A young man, scrawny rather than slim, with an eager-to-please smile smacked on his face leapt forward.

As soon as the captive felt a hand on his arm, he snapped out of his depressing reverie. He struggled wildly as the boy, who's strength surpassed his looks, dragged him forward. He fired rapid questions and insults at his captors:

"Warum bin ich hier? Was wollt ihr mit mir tun? Ihr Schweine! Geh und steck deinen Kopf in den Arsch!"

Why am I here? What do you want to do with me? You bastards! Go stick your head in your arse!

...only to be met with blank faces

Ah yes. He had forgotten that these savages could not speak German.

In addition to the woman and the young man holding him, the prisoner could see an older man, standing with a woman, and another man on his own, half hidden in shadows. A strange bunch of people, he thought, somewhere in the chaotic whirl of panic and confusion clouding his mind. Very mismatched for a team. Yet they worked like a team, five bodies operated by one mind.

Clara surveyed the bedraggled man in front of her. His shoulders were hunched in a gesture of defeat, and his outburst had quietened to mumbled, incoherent words. However, his eyes, the Aryan deep blue, burnt with defiant embers. She smiled slightly. At least he wasn't broken.


Clara was not a cruel woman. She was just a soldier, a scientist, doing her bit for Britain. This man was a German pilot - his torn and bloodied uniform gave that away. The RAF must have been pretty successful last night to capture one still alive. The few prisoners of war that had been available for her and her team to interrogate had been of little use, and had had to be disposed of quickly and secretly. It had been a messy experience, one she wanted to avoid at any costs this time.

But now they had an advantage. A new weapon designed by Jasper, the mysterious, secretive man who seemed to always be concealed in shadows. He was a genius, but had sociopathic tendencies towards the rest of humanity. This made him a difficult person to work with sometimes. But, Clara reflected, he was an invaluable member of the team. His initial designs had been transferred to blueprints, and then, slowly, into 3D existence by the other members of the team.

And now, it was time to test the untested. If this experiment worked, a whole new world of science would open up before them . The possibilities of where they could go next would be endless. Clara knew that George at least dreamt of the fame and fortune he could gain from this. But George was young, inexperienced. He was the boy holding the prisoner. He didn't understand that life doesn't work like that. If, and that was a bloody big if, this worked, the government and Prime Minister Churchill would take the credit owed to her team. She had nothing against Churchill personally, just against the injustice of politics in general. The people who had slaved over this experiment would stay the underdogs, unappreciated and underground. Clara had learnt this the hard way.

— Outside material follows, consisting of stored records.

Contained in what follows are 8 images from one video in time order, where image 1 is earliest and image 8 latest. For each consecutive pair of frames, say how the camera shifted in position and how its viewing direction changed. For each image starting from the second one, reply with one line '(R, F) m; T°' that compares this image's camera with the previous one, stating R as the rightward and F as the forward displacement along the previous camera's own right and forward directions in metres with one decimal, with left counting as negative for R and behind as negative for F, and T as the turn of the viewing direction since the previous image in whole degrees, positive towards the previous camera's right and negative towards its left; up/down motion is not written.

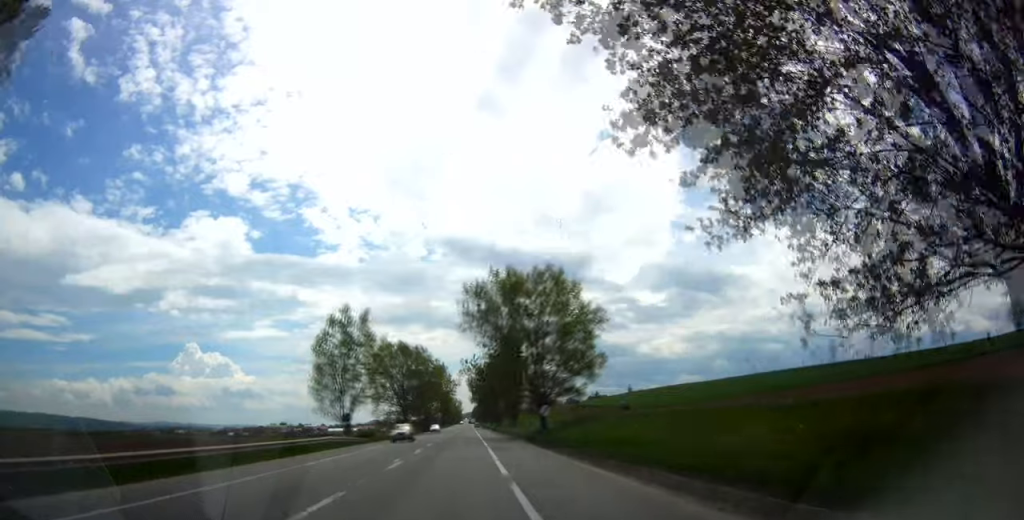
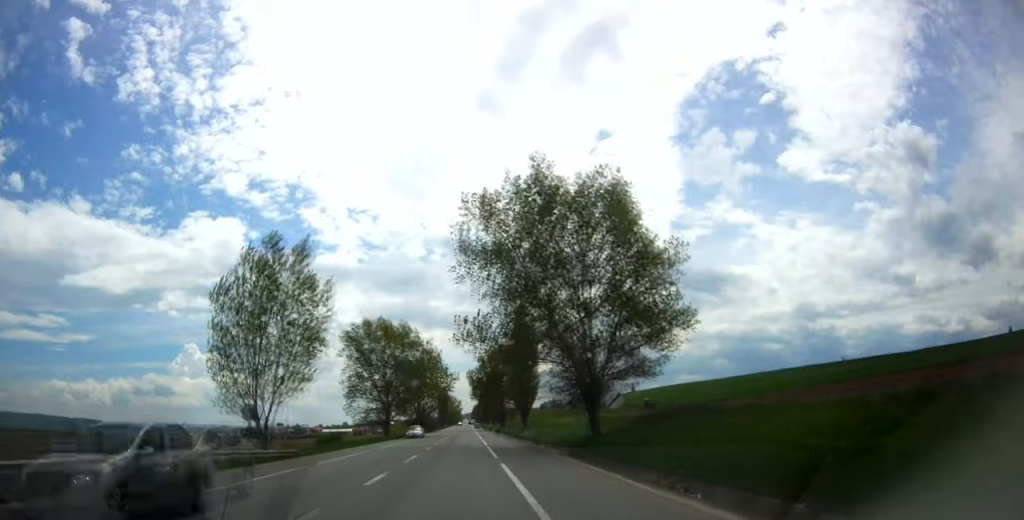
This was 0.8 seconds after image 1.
(+0.1, +22.4) m; 0°
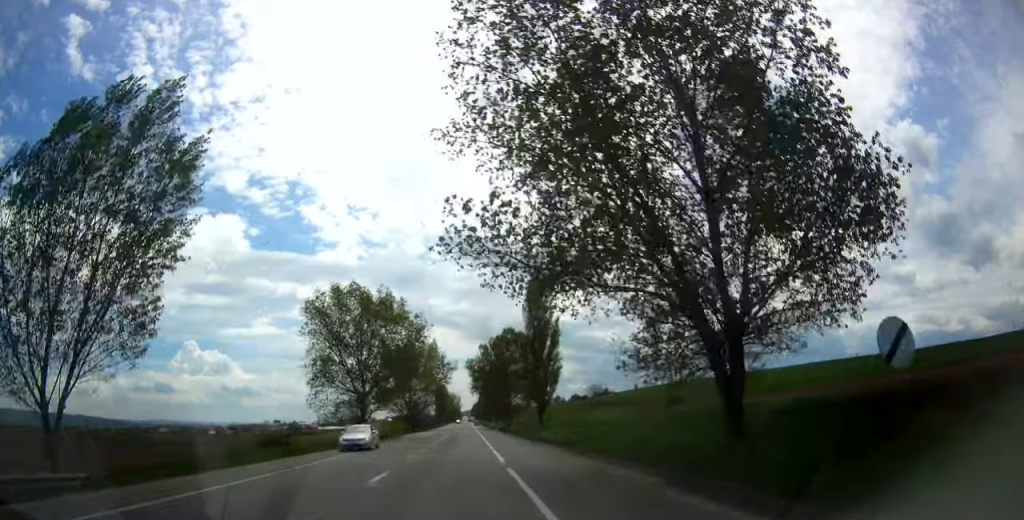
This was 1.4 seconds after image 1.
(0.0, +18.8) m; 0°
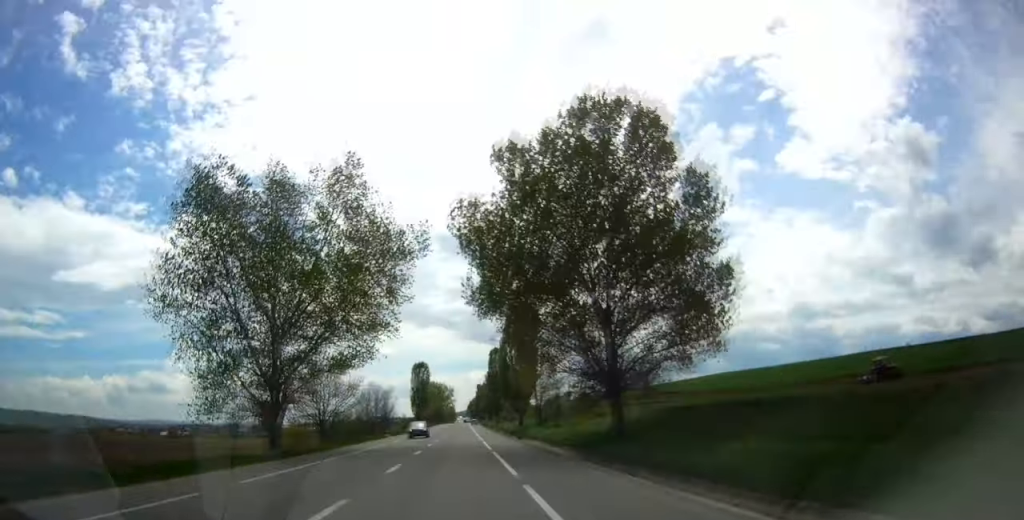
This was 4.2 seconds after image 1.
(-0.1, +79.6) m; 0°
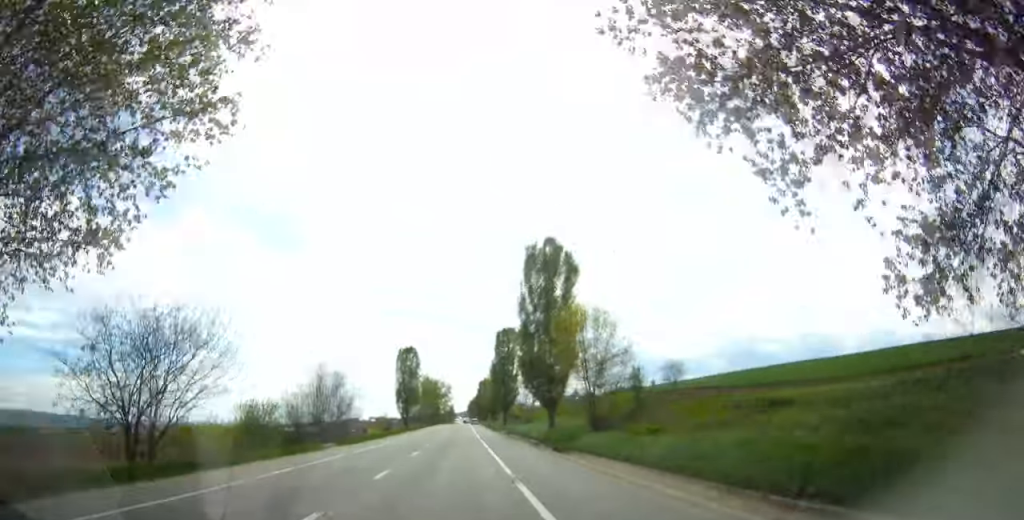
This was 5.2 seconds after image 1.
(+0.2, +29.5) m; +1°
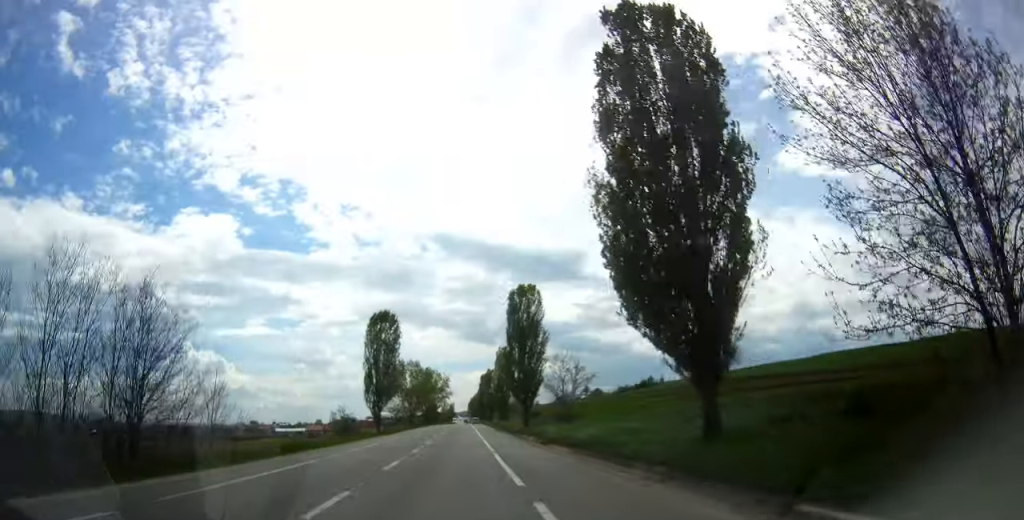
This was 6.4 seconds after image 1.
(+0.1, +33.6) m; 0°
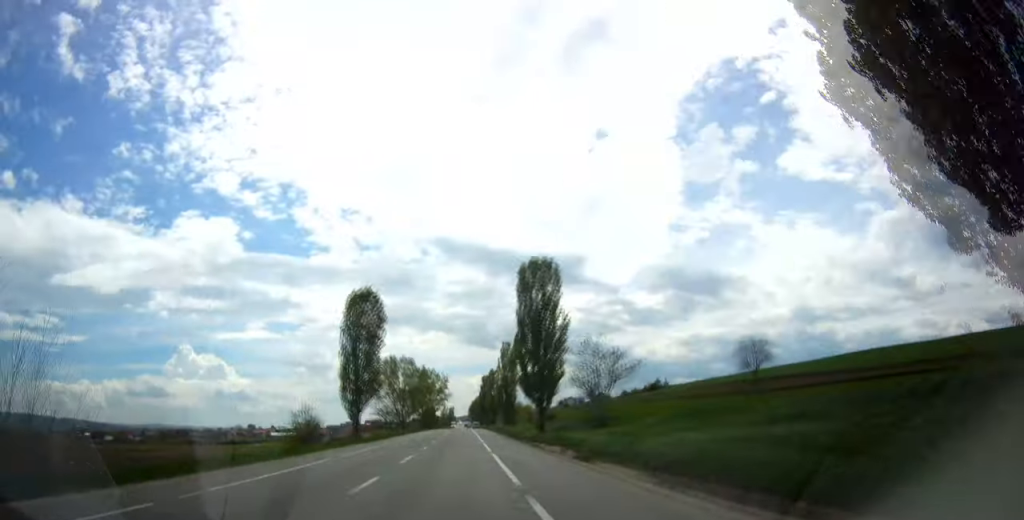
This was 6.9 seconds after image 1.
(-0.2, +14.4) m; 0°
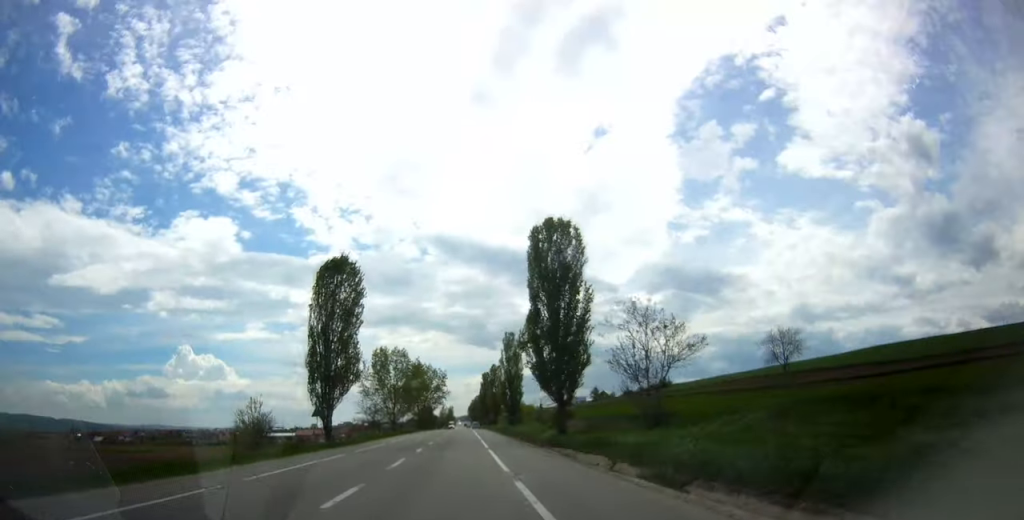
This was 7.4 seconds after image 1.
(-0.1, +12.1) m; 0°

Another shout from the foreigner brought he back to the here and now. She could understand very little German, but she didn't need to linguistic skills to recognize the anger, fear and confusion written clear on his face, in his voice and his posture. He must have been handsome, once; with deep set eyes and sharp cheekbones. He was someone's son, brother, father, uncle.


But now he was Prisoner 9344, only alive to serve science. German captives were disposable, unless they held information. If this experimental trial failed, or proved to be unprofitable, he would be eliminated.

Right, Clara thought. Time to get started.